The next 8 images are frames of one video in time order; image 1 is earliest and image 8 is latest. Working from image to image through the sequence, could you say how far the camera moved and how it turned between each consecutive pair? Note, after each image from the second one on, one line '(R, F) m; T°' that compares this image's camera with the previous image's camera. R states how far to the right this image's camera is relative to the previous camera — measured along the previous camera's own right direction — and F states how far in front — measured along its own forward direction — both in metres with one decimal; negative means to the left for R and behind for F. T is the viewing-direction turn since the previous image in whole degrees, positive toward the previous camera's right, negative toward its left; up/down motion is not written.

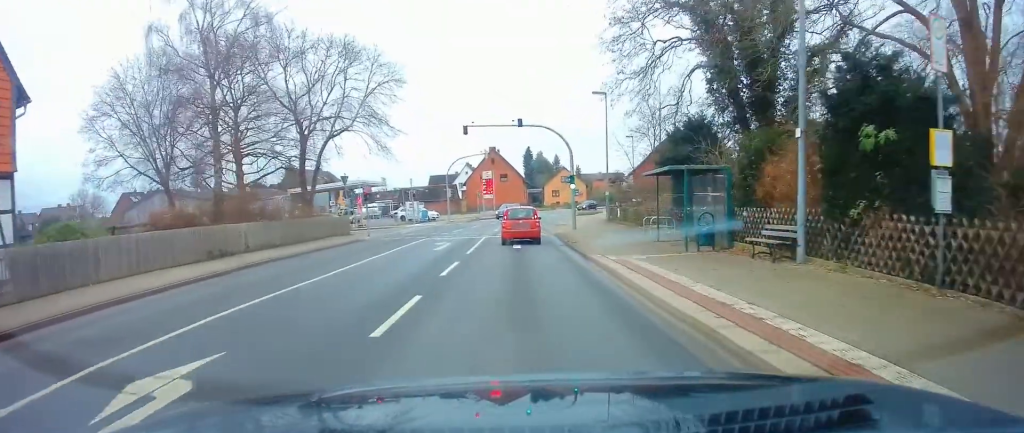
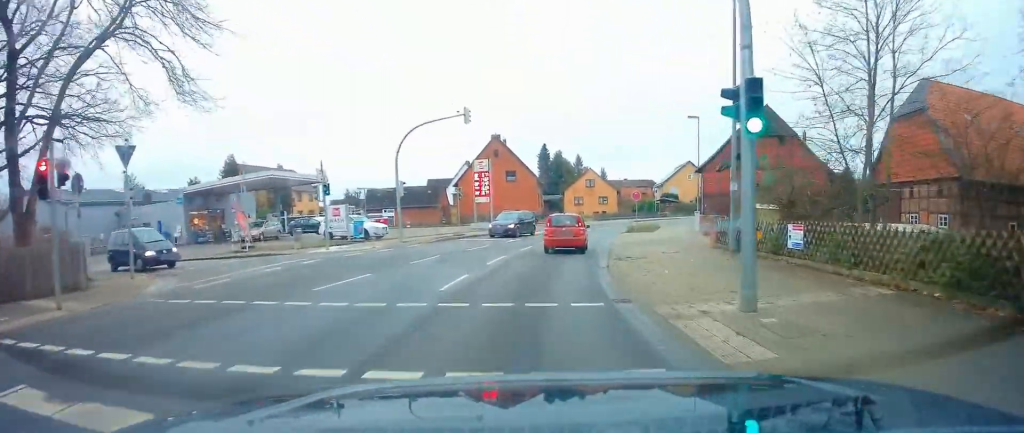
(-0.2, +25.6) m; -1°
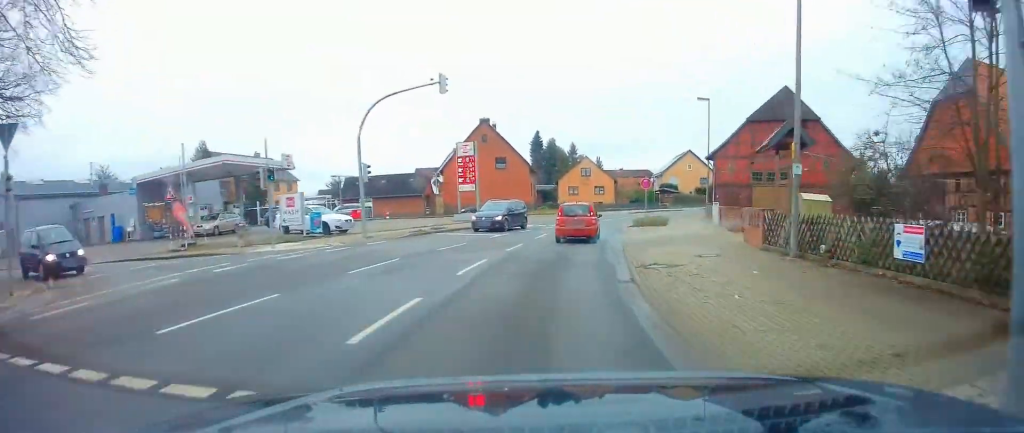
(-0.2, +5.3) m; +1°
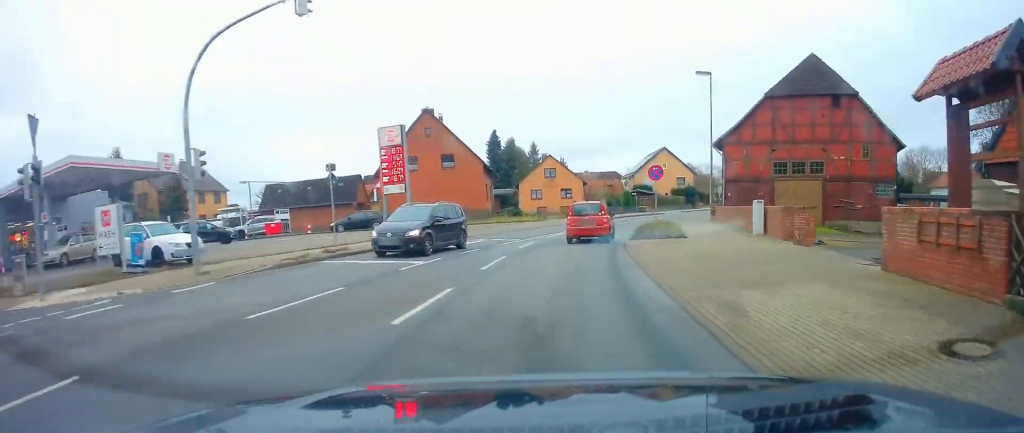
(+0.3, +11.1) m; +4°
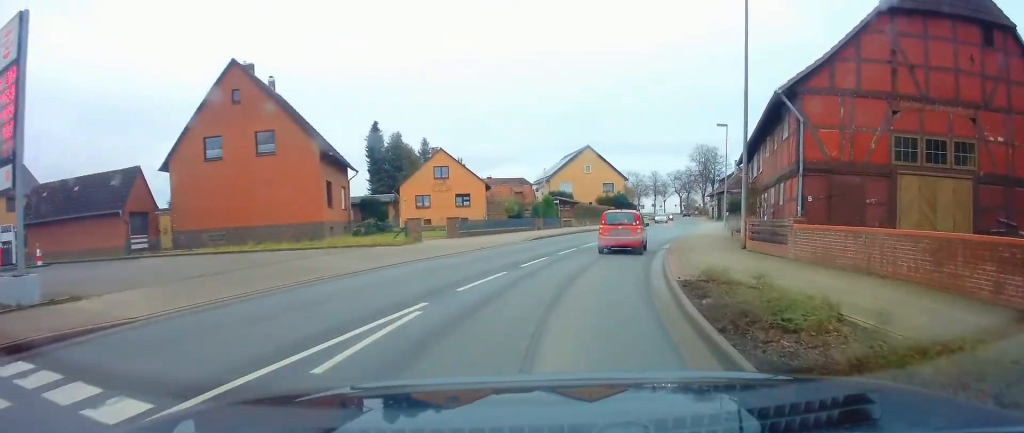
(+1.7, +19.9) m; +11°
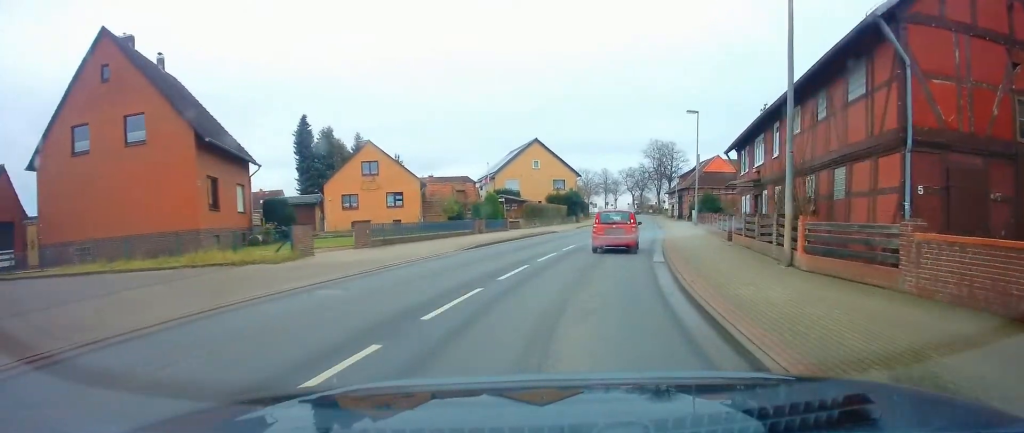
(+0.1, +7.3) m; +6°
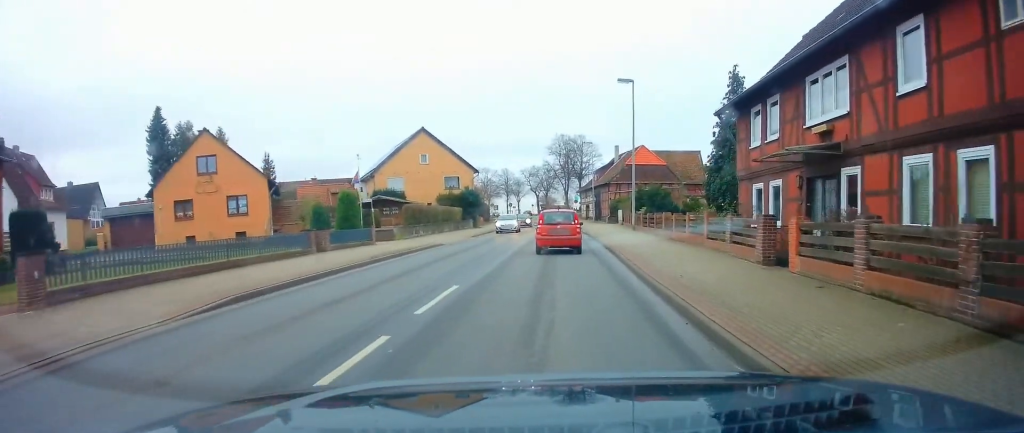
(+1.3, +12.7) m; +9°
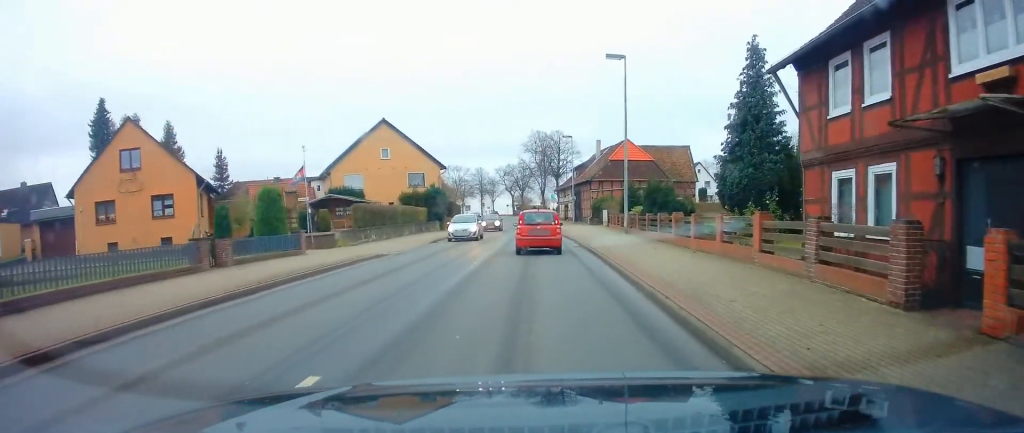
(+0.2, +6.4) m; +2°

TASK
If an entry holds a picture, leave the picture out and repeat the rest exactly.

YOUR SOLUTION
The next 8 images are frames of one video in time order; image 1 is earliest and image 8 is latest. Working from image to image through the sequence, could you say how far the camera moved and how it turned between each consecutive pair? Note, after each image from the second one on, one line '(R, F) m; T°' that compares this image's camera with the previous image's camera. R states how far to the right this image's camera is relative to the previous camera — measured along the previous camera's own right direction — and F states how far in front — measured along its own forward direction — both in metres with one decimal; negative means to the left for R and behind for F. T is the viewing-direction turn since the previous image in whole degrees, positive toward the previous camera's right, negative toward its left; up/down motion is not written.

(-0.2, +25.6) m; -1°
(-0.2, +5.3) m; +1°
(+0.3, +11.1) m; +4°
(+1.7, +19.9) m; +11°
(+0.1, +7.3) m; +6°
(+1.3, +12.7) m; +9°
(+0.2, +6.4) m; +2°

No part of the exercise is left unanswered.